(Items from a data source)

┄┄┄┄┄┄┄┄┄┄┄┄┄┄┄┄┄┄┄┄

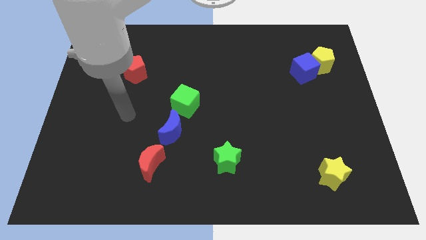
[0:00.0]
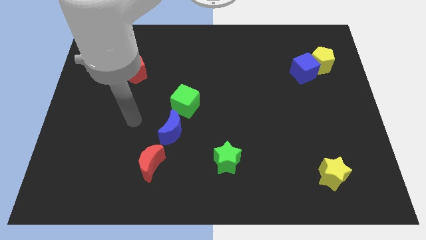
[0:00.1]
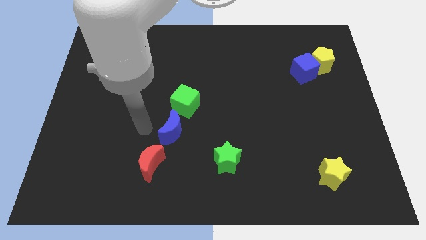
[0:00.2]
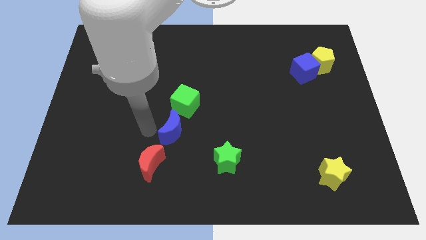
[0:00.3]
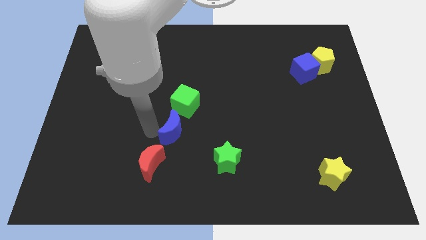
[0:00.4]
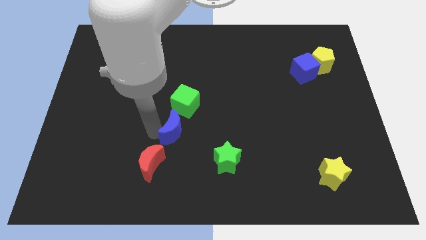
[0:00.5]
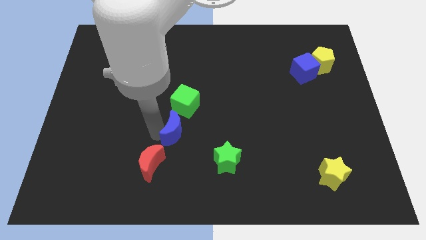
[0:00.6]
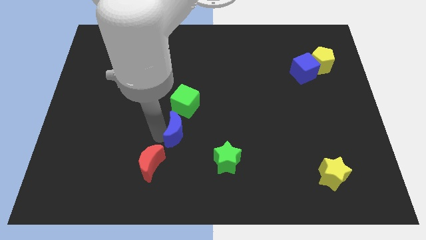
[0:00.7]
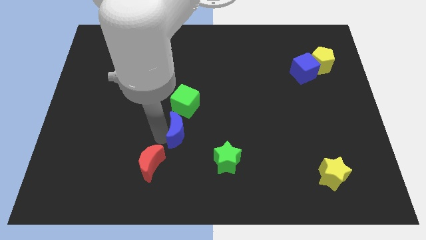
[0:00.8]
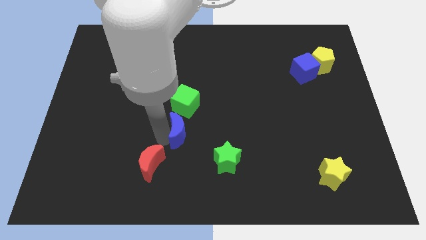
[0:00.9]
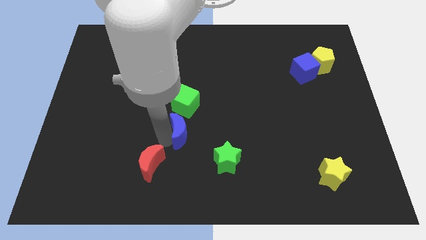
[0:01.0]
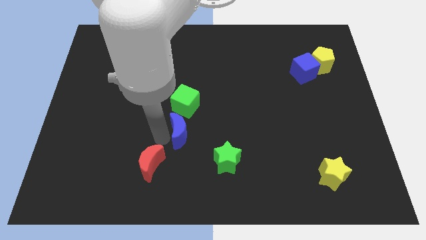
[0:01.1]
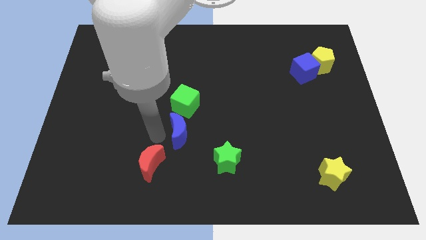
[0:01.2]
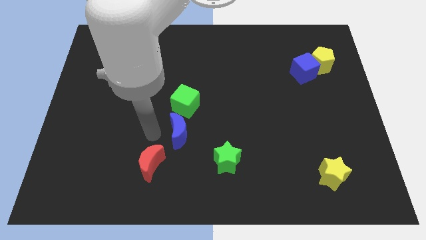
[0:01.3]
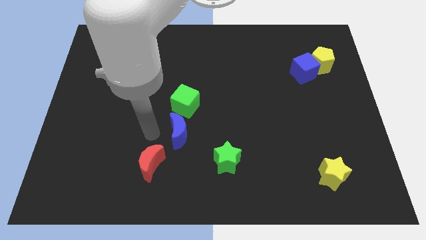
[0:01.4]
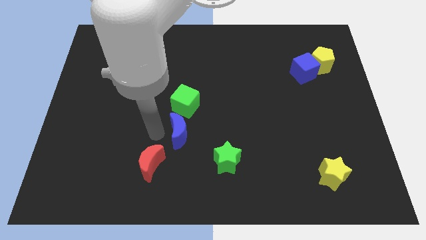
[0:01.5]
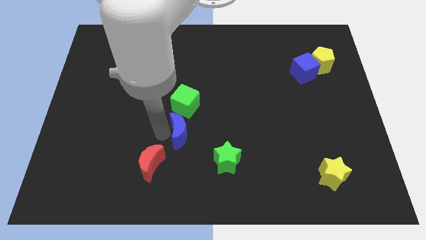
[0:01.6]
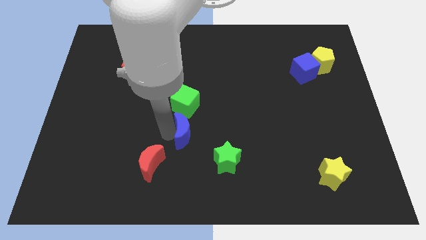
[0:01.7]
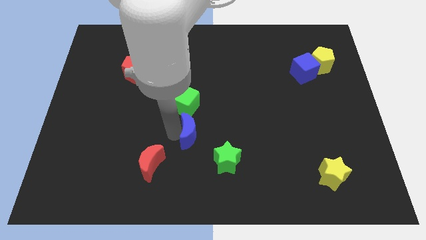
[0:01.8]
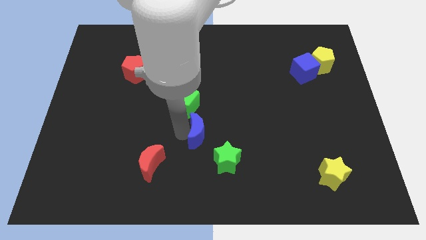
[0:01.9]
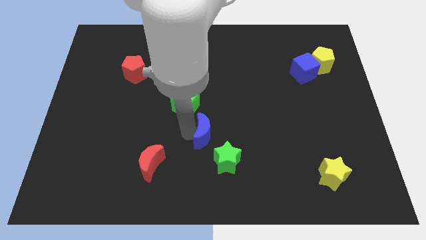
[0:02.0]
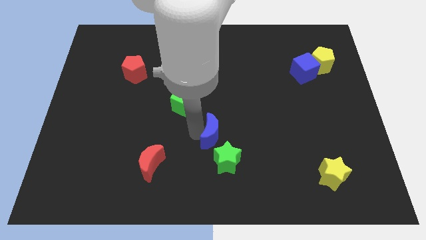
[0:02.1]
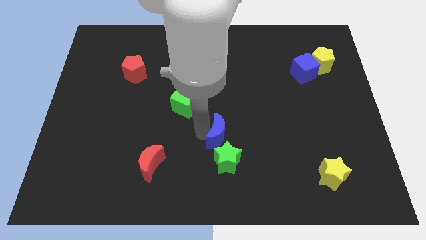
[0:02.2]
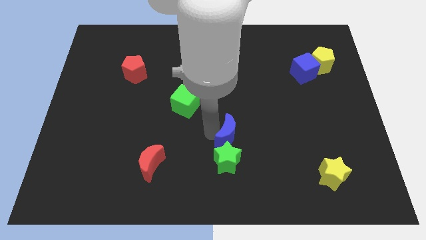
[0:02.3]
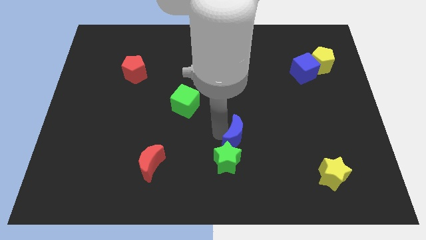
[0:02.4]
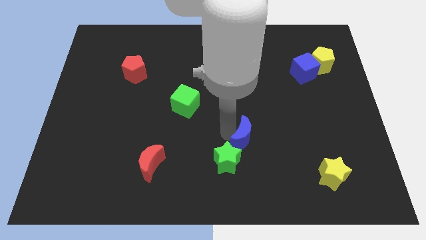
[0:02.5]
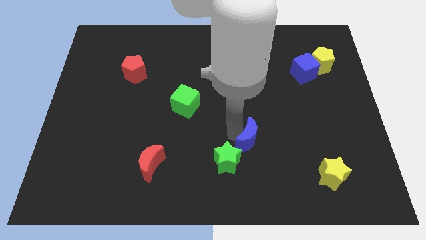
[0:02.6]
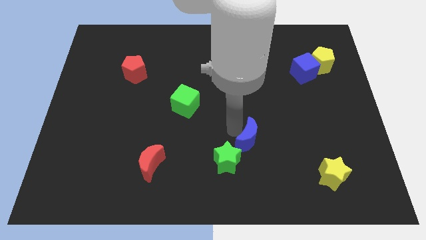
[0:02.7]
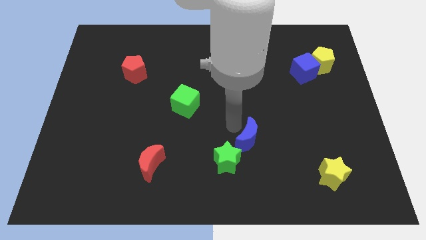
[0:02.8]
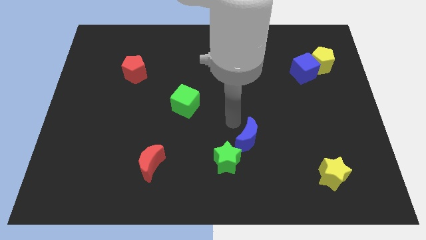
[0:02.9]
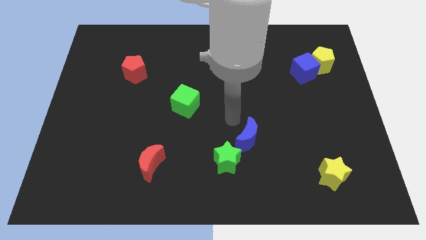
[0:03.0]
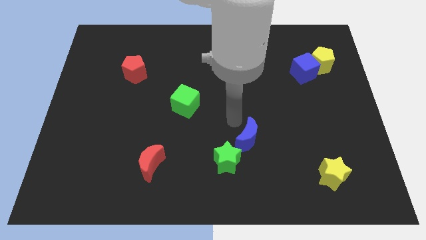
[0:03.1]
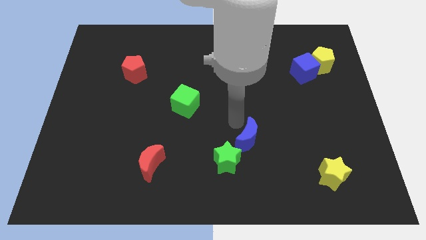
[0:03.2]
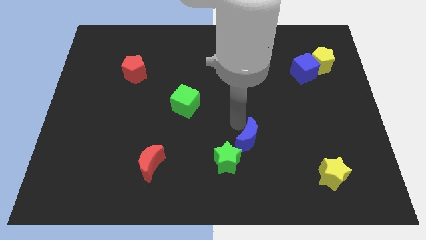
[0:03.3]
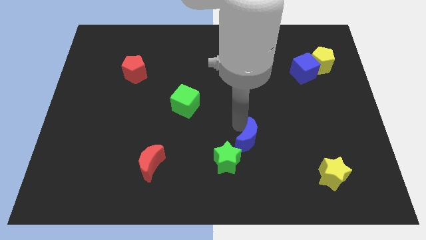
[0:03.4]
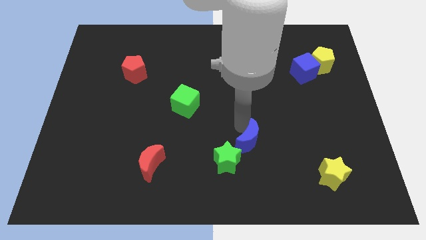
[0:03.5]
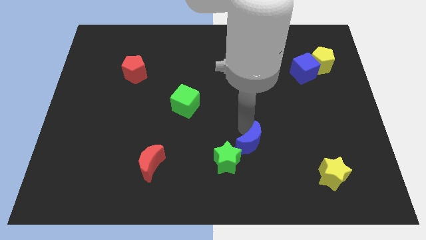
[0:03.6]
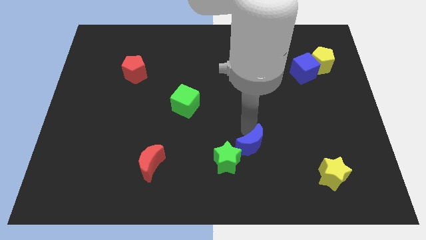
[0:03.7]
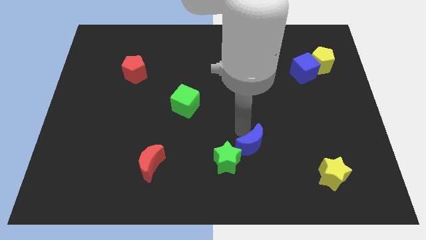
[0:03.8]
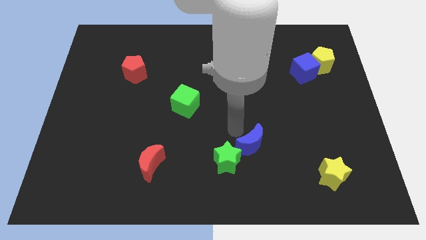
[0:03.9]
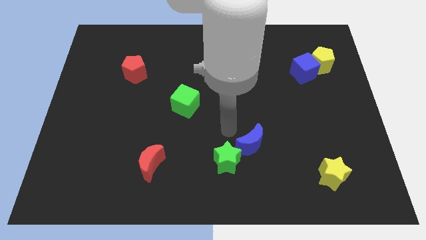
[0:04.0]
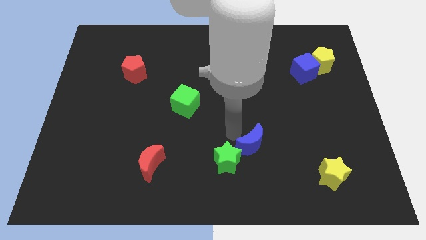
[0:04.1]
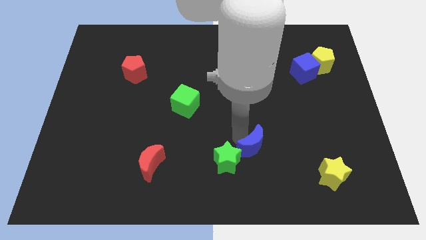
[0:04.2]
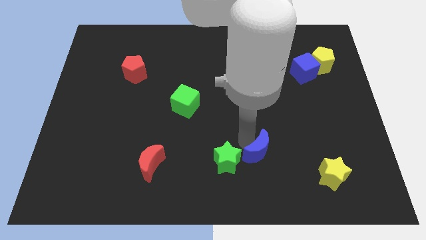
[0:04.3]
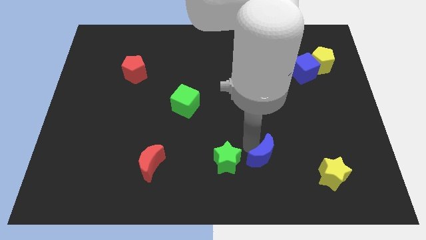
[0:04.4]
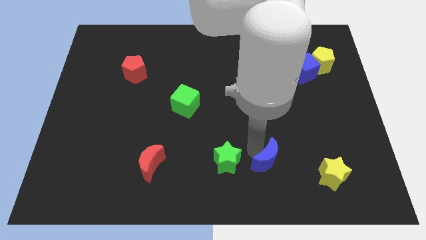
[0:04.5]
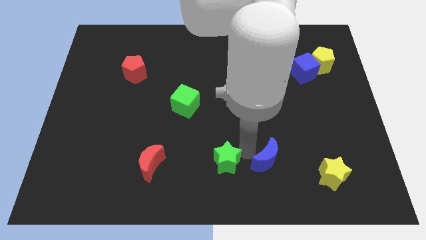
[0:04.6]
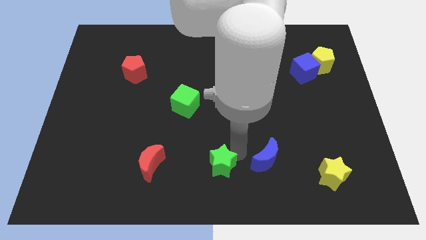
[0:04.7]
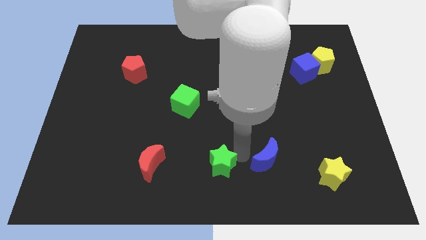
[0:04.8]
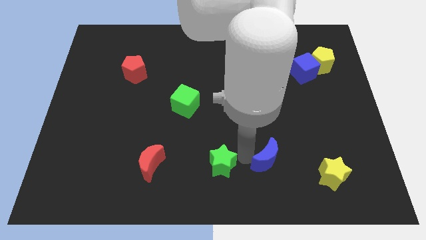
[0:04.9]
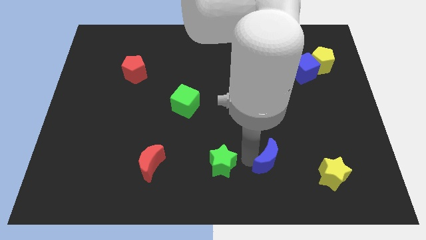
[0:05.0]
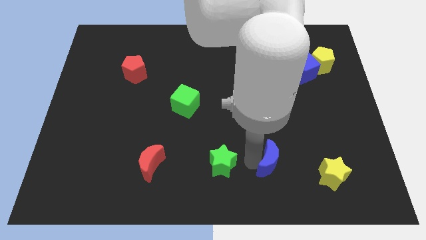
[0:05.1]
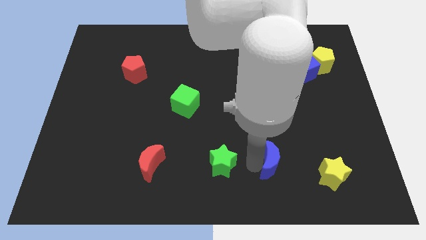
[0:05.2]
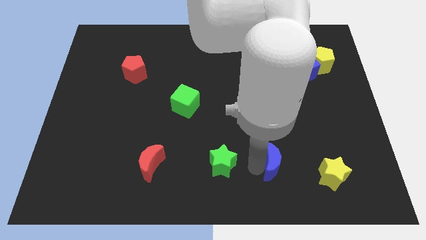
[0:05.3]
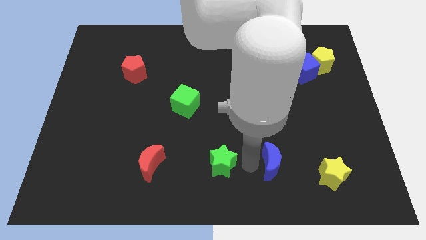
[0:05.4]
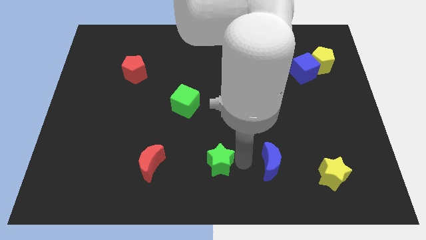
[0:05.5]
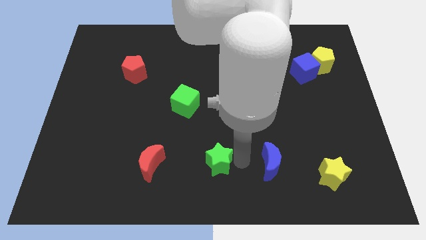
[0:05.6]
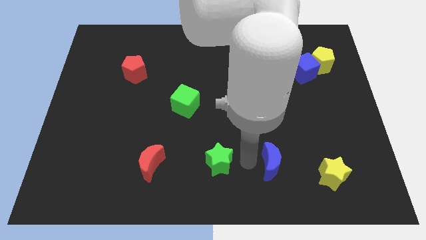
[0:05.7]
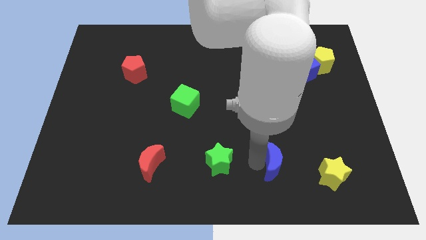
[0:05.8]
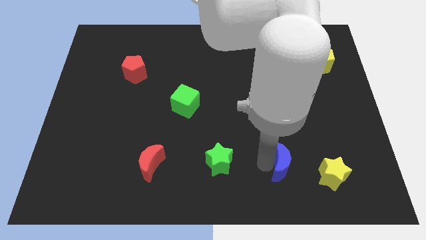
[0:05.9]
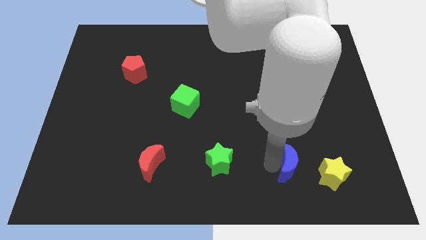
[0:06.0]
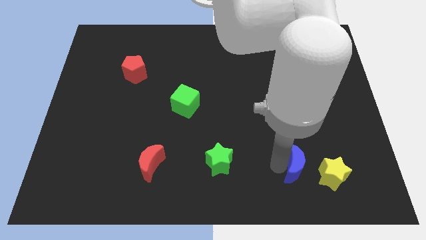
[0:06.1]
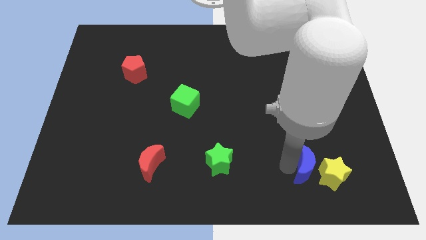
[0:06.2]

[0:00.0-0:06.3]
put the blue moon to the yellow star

┄┄┄┄┄┄┄┄┄┄┄┄┄┄┄┄┄┄┄┄

● What is required
Would you copy out the data exactly, leaving every picture out?

● Completed exercise
[0:00.0]
[0:00.1]
[0:00.2]
[0:00.3]
[0:00.4]
[0:00.5]
[0:00.6]
[0:00.7]
[0:00.8]
[0:00.9]
[0:01.0]
[0:01.1]
[0:01.2]
[0:01.3]
[0:01.4]
[0:01.5]
[0:01.6]
[0:01.7]
[0:01.8]
[0:01.9]
[0:02.0]
[0:02.1]
[0:02.2]
[0:02.3]
[0:02.4]
[0:02.5]
[0:02.6]
[0:02.7]
[0:02.8]
[0:02.9]
[0:03.0]
[0:03.1]
[0:03.2]
[0:03.3]
[0:03.4]
[0:03.5]
[0:03.6]
[0:03.7]
[0:03.8]
[0:03.9]
[0:04.0]
[0:04.1]
[0:04.2]
[0:04.3]
[0:04.4]
[0:04.5]
[0:04.6]
[0:04.7]
[0:04.8]
[0:04.9]
[0:05.0]
[0:05.1]
[0:05.2]
[0:05.3]
[0:05.4]
[0:05.5]
[0:05.6]
[0:05.7]
[0:05.8]
[0:05.9]
[0:06.0]
[0:06.1]
[0:06.2]

[0:00.0-0:06.3]
put the blue moon to the yellow star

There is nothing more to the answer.